KCS Old Boys
- Full name: King's College School Old Boys Rugby Football Club
- Union: Surrey RFU
- Founded: 1907; 119 years ago
- Location: Motspur Park, Kingston, London, England
- Ground(s): Dornan Fields, Motspur Park
- League: Counties 2 Surrey
- 2025-26: 11th (r)
| Home kit |

Official website
- www.pitchero.com/clubs/kcsoldboysrfc/

= KCS Old Boys RFC =

English rugby team

King's College School Old Boys RFC is a rugby union club founded in 1907 for the alumni of King's College School, Wimbledon. These days the club is widely referred to as 'King's Rugby' which reflects the open nature of the club. The 1XV currently compete in Counties 2 Surrey at level 8 of the RFU pyramid whilst the 2XV, U22s and veterans play in the Surrey Rugby reserve leagues.

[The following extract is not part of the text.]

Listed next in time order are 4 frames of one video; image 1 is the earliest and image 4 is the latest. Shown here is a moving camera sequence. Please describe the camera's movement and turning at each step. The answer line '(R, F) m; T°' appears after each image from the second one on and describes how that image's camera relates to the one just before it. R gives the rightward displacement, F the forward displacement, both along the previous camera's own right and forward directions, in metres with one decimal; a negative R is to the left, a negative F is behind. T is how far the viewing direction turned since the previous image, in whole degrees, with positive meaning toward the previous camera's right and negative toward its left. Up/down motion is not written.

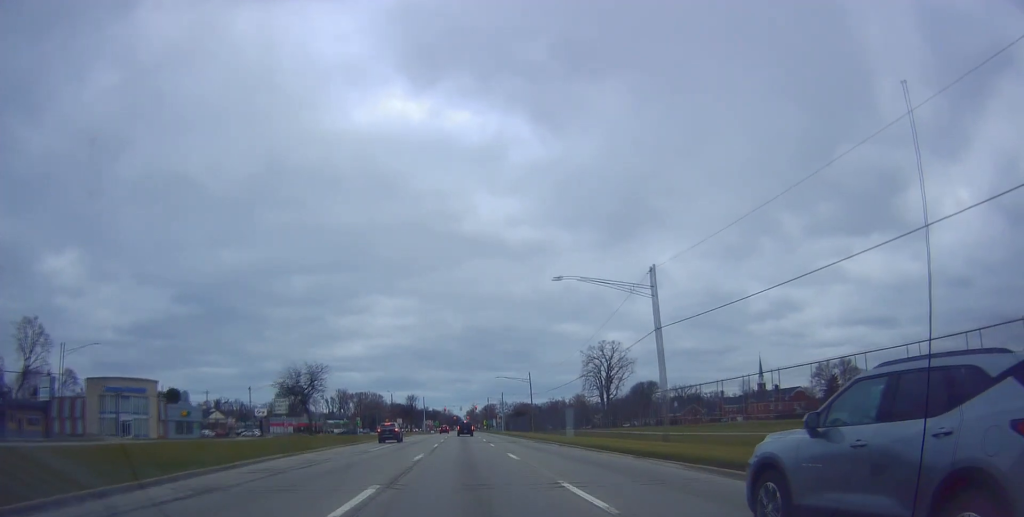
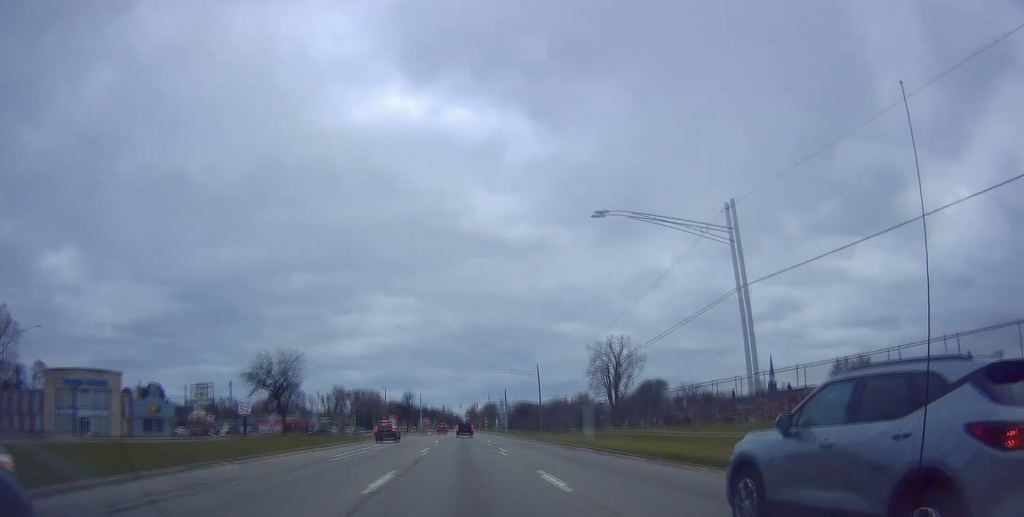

The club's constituent bodies are L&SE RFU and Surrey RFU to which the club has provided numerous administrators including two Presidents – John Hamilton (1999–2001) and Darryl Druckman (2018–19).

==Club location==
For a long time the club operated out of a modest wooden clubhouse situated close to Robin Hood Way on the A3, but that burnt down in the late 1980s and after a brief homeless period King's arrived at their current location in Motspur Park, the new clubhouse opening on 11 September 1993. The building was unusual in that it was constructed in such a way that two identical halves were built – King's occupying one and Old Blues RFC (Christ's Hospital old boys) the other. That arrangement remains to this day.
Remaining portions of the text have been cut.